Réponse de le 29/10/2019 à 13:42 :
Non
Car si c’était le cas : cette mesure concernerait tout le monde de 18- 62 ans .... et ce n’est pas le cas... un public précis est «  visé » par cette mesure qui exclue et fragilise un public déjà fragile .
a écrit le 29/10/2019 à 12:43 :
Bonjour ,

Ces mesures ne sont pas cohérentes avec le contexte du monde du travail actuel :
1) augmentation des CDD
2) contrats courts
3) rejet des seniors à cause de l’âge
4) rejet des jeunes par manque d’expérience
5) plafonnement des indemnités prudhommales
6) carte blanche pour les employeurs
Pour divers abus envers les salariés
7) pas de réglementation des employeurs pour «  les inviter » à lutter contre le chômage, pour que les employeurs revoient à la baisse leur exigence par rapport aux nombres de chômeurs et le marché du travail ( l’employeur veut un âge médium , sans contrainte, polyvalent ,qui demande pas un gros salaire , qui a des diplômes au minimum bac + 2 et minimum 2 ans d’expériences)

Avec ce «  contexte » comment voulez vous améliorez le pouvoir d’achat ?
Ce sont plus des «  blocages sociétal «  pour filtrer et faire de la discrimination sociale .

Moi aux prochaines élections je vote celui qui défends les «  droits des salariés «  ni la gauche ( qui a détruit avec la loi du travail ) ni le Lrem ( qui continu la destruction) ni le LR ex UMP ( qui a tué le pouvoir d’achat avec les lois fiscales de 2004-2007...)

Cordialement,
Réponse de le 30/10/2019 à 8:54 :
Ce n'est pas fait pour fragiliser encore plus un public déjà fragilisé. C'est fait pour lutter contre l'abus de CDD par un public qui les recherche pour vivre au frais de la princesse. Je suis gérant de restaurant et je peux vous assurer que nombres de salariés VEULENT des contrats courts pour bosser un minimum et pouvoir voyager ou flâner ensuite au frais de l'UNEDIC. Il s'agit donc aussi parfois de CHOIX délibérés cher monsieur.
Cordialement
a écrit le 29/10/2019 à 12:36 :
Ce n'est pas parce que l'on ne VEUT pas travailler mais parce que l'on ne PEUT pas travailler. "Y' a pas de travail disent les entreprises": ce sont les pauvres qui payent le prix de la précarité du marché de l'emploi.
Le coup de pouce indemnitaire de PE permettait de survivre; le supprimer c'est nous tuer, pas nous aider.

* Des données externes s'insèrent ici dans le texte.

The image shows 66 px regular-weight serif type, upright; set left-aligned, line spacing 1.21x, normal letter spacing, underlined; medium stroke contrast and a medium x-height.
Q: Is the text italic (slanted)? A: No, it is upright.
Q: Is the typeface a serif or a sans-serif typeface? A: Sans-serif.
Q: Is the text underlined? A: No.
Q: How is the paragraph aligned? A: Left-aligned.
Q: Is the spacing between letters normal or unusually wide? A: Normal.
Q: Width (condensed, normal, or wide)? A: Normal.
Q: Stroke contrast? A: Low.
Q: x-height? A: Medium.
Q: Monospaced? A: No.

Ce n'est pas une formation bidon en Programmation Neuro Linguistique ou un bilan de dévalorisation chez les copains de PE qui vous permettra de trouver un emploi durable.
Réponse de le 29/10/2019 à 15:46 :
Votre commentaire est très pessimiste et dans tous les cas les français au global veulent que tout s'améliore sans rien changer. Portugal, Espagne, Irelande, autant de pays qui ont pris des mesures drastiques pour être aujourd'hui en bonne santé (ou du moins nettement meilleur qu'elle ne l'était).

Du travail il y en a... Sinon le site de pôle emploi serait vide ! Si il n'y en a pas dans votre secteur, pléthore de formation existe et ne parlez pas de Programmation je ne sais quoi mais il existe de VRAIES formation, le seul problème y est l'accès autrement dit savoir que ces informations existent.
Ma soeur en a fait une, une amie en reconversion également donc sachez monsieur que si vous le souhaitez il y en a.
a écrit le 29/10/2019 à 12:07 :
Réforme détestable sur le fond comme sur la forme.

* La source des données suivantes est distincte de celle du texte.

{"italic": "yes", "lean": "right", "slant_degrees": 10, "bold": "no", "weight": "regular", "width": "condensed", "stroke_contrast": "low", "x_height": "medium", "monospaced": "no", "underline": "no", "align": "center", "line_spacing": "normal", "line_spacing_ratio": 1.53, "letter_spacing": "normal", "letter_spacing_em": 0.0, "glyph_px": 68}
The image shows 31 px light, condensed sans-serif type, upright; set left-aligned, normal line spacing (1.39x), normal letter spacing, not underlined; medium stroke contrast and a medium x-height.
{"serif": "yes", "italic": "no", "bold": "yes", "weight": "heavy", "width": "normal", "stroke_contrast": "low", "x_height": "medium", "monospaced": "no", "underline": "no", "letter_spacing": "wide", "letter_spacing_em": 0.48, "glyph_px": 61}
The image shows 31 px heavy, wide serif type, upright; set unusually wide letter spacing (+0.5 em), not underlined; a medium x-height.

Les cadres sup qui sont encore au chômage au bout de 6 mois se comptent sur les doigts de la main et en général ils ont des réserves financières qui vont leur éviter de terminer SDF en quelques semaines.

les nouveaux "droits" pour les démissionnaires sont tellement encadrés qu'il ne bénéficieront à personne.

Le gros des coupes de budget va donc taper fort sur ceux qui se lèvent tôt pour aller chercher du travail et ne trouvent que des CDD merdiques.

Et la pénalisation financière des entreprises qui abusent des CDD et des contrats précaires?
Pénicaud l'a fait remettre à 2021... quel courage!
a écrit le 29/10/2019 à 10:51 :
Bougez pas je devine... Moins de pouvoir d'achat et de respect envers le travailleur non ?

Oui je sais facile... Faut dire aussi que le travail c'est tellement sale, les gens le pratiquant le sont aussi forcément !

La Rente En Marche.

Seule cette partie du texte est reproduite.